┌──
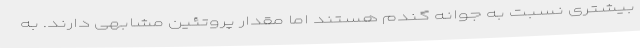
بیشتری نسبت به جوانه گندم هستند اما مقدار پروتئین مشابهی دارند. به
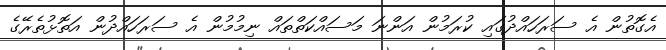
އެގޮތުން އެ ސަރަހައްދުގައި ކުރަމުން އަންނަ މަސައްކަތްތައް ނިމުމުން އެ ސަރަހައްދުން އަތޮޅުތެރޭގެ
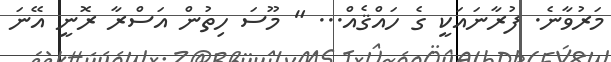
މަރުވާނެ. ފުރާނައަކީ ގެ ހައްޤެއް... " މޫސަ ހިތުން އަސްރާ ރޮނީ އޭނަ
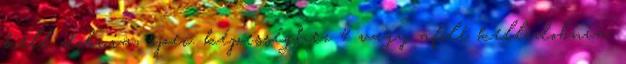
kell dobnia, spec. képességhez 4 vagy afölé kell dobnia.
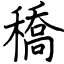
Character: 穚
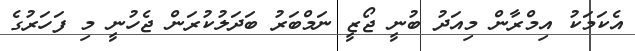
އެކަމަކު އިމްރާން މިއަދު ބުނީ ޖޯޒީީ ނަމްބަރު ބަދަލުކުރަން ޖެހުނީ މި ފަހަރުގެ
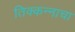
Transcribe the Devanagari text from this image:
तिक्कन्नाचा
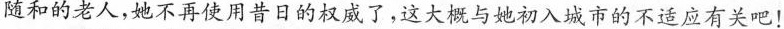
随和的老人，她不再使用昔日的权威了，这大概与她初入城市的不适应有关吧！
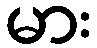
မား
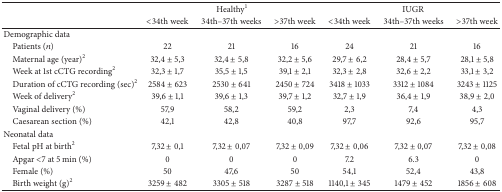
<table><thead><tr><td rowspan="2"><b> </b></td><td colspan="3"><b>Healthy<sup>1</sup></b></td><td colspan="3"><b>IUGR</b></td></tr><tr><td><b>&lt;34th week</b></td><td><b>34th–37th weeks</b></td><td><b>&gt;37th week</b></td><td><b>&lt;34th week</b></td><td><b>34th–37th weeks</b></td><td><b>&gt;37th week</b></td></tr></thead><tbody><tr><td>Demographic data</td><td> </td><td> </td><td> </td><td> </td><td> </td><td> </td></tr><tr><td> Patients (<i>n</i>)</td><td>22</td><td>21</td><td>16</td><td>24</td><td>21</td><td>16</td></tr><tr><td> Maternal age (year)<sup>2</sup></td><td>32,4 ± 5,3</td><td>32,4 ± 5,8</td><td>32,2 ± 5,6</td><td>29,7 ± 6,2</td><td>28,4 ± 5,7</td><td>28,1 ± 5,8</td></tr><tr><td> Week at 1st cCTG recording<sup>2</sup></td><td>32,3 ± 1,7</td><td>35,5 ± 1,5</td><td>39,1 ± 2,1</td><td>32,3 ± 2,8</td><td>32,6 ± 2,2</td><td>33,1 ± 3,2</td></tr><tr><td> Duration of cCTG recording (sec)<sup>2</sup></td><td>2584 ± 623</td><td>2530 ± 641</td><td>2450 ± 724</td><td>3418 ± 1033</td><td>3312 ± 1084</td><td>3243 ± 1125</td></tr><tr><td> Week of delivery<sup>2</sup></td><td>39,6 ± 1,1</td><td>39,6 ± 1,3</td><td>39,7 ± 1,2</td><td>32,7 ± 1,9</td><td>36,4 ± 1,9</td><td>38,9 ± 2,0</td></tr><tr><td> Vaginal delivery (%)</td><td>57,9</td><td>58,2</td><td>59,2</td><td>2,3</td><td>7,4</td><td>4,3</td></tr><tr><td> Caesarean section (%)</td><td>42,1</td><td>42,8</td><td>40,8</td><td>97,7</td><td>92,6</td><td>95,7</td></tr><tr><td>Neonatal data</td><td> </td><td> </td><td> </td><td> </td><td> </td><td> </td></tr><tr><td> Fetal pH at birth<sup>2</sup></td><td>7,32 ± 0,1</td><td>7,32 ± 0,07</td><td>7,32 ± 0,09</td><td>7,32 ± 0,06</td><td>7,32 ± 0,07</td><td>7,32 ± 0,08</td></tr><tr><td> Apgar &lt;7 at 5 min (%)</td><td>0</td><td>0</td><td>0</td><td>7.2</td><td>6.3</td><td>0</td></tr><tr><td> Female (%)</td><td>50</td><td>47,6</td><td>50</td><td>54,1</td><td>52,4</td><td>43,8</td></tr><tr><td> Birth weight (g)<sup>2</sup></td><td>3259 ± 482</td><td>3305 ± 518</td><td>3287 ± 518</td><td>1140,1 ± 345</td><td>1479 ± 452</td><td>1856 ± 608</td></tr></tbody></table>
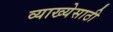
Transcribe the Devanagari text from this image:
व्याख्येसाठी
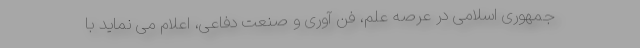
جمهوری اسلامی در عرصه علم، فن آوری و صنعت دفاعی، اعلام می نماید با
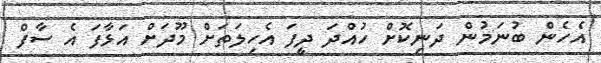
އެހެން ބުނަމުން ދަނިކޮށް ހުއްދަ ދީފަ އެހިލަތަށް މޫދަށް އަޅާފަ އެ ސާފް
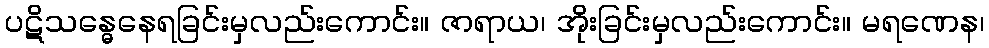
ပဋိသန္ဓေနေရခြင်းမှလည်းကောင်း။ ဇာရာယ၊ အိုးခြင်းမှလည်းကောင်း။ မရဏေန၊
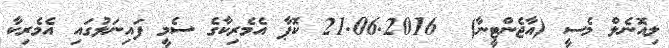
ލިއޮނެލް މެސީ (އާޖެންޓީނާ)  21.06.2016 ކޮޕާ އެމެރިކާގެ ސެމީ ފައިނަލުގައި އެމެރިކާ
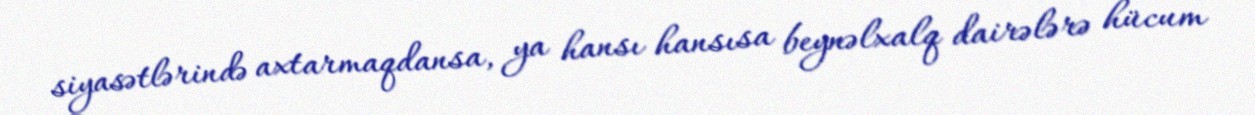
siyasətlərində axtarmaqdansa, ya hansı hansısa beynəlxalq dairələrə hücum
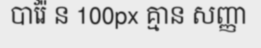
បារ៉ែ ន 100px គ្មាន សញ្ញា
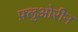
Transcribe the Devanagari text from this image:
फ़्लुओरीन
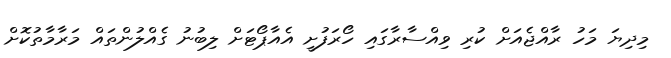
މިދިޔަ މަހު ރާއްޖެއަށް ކުރި ވިއްސާރާގައި ހޯރަފުށީ އެއާޕޯޓަށް ލިބުނު ގެއްލުންތައް މަރާމާތުކޮށް
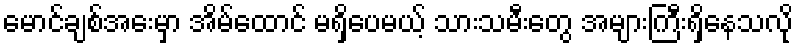
မောင်ချစ်အေးမှာ အိမ်ထောင် မရှိပေမယ့် သားသမီးတွေ အများကြီးရှိနေသလို
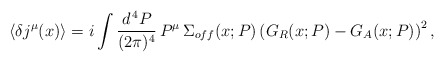
\begin{align*}\langle \delta j^\mu (x) \rangle = i \int \frac{d^{\, 4} P}{(2 \pi)^4} \, P^\mu \, \Sigma_{off} (x; P) \left( G_R (x; P) - G_A (x; P) \right)^2 , \end{align*}
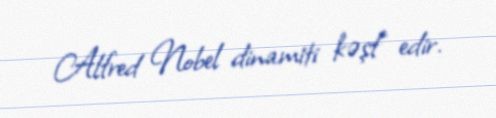
Alfred Nobel dinamiti kəşf edir.
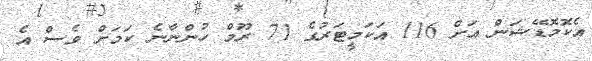
އެކޮމޮޑޭޝަން އަށް 116 އަކަމީޓަރުގެ 71 ރޫމް ހުންނާނެ ކަމަށް ވެސް އެ
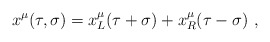
\begin{align*}x^\mu(\tau,\sigma)=x^\mu_L(\tau+\sigma)+x^\mu_R(\tau-\sigma)\ ,\end{align*}
└──
Work order: If a line in the entries includes the word "begin", copy that line out.

Solution for this problem:
\begin{align*}\langle \delta j^\mu (x) \rangle = i \int \frac{d^{\, 4} P}{(2 \pi)^4} \, P^\mu \, \Sigma_{off} (x; P) \left( G_R (x; P) - G_A (x; P) \right)^2 , \end{align*}
\begin{align*}x^\mu(\tau,\sigma)=x^\mu_L(\tau+\sigma)+x^\mu_R(\tau-\sigma)\ ,\end{align*}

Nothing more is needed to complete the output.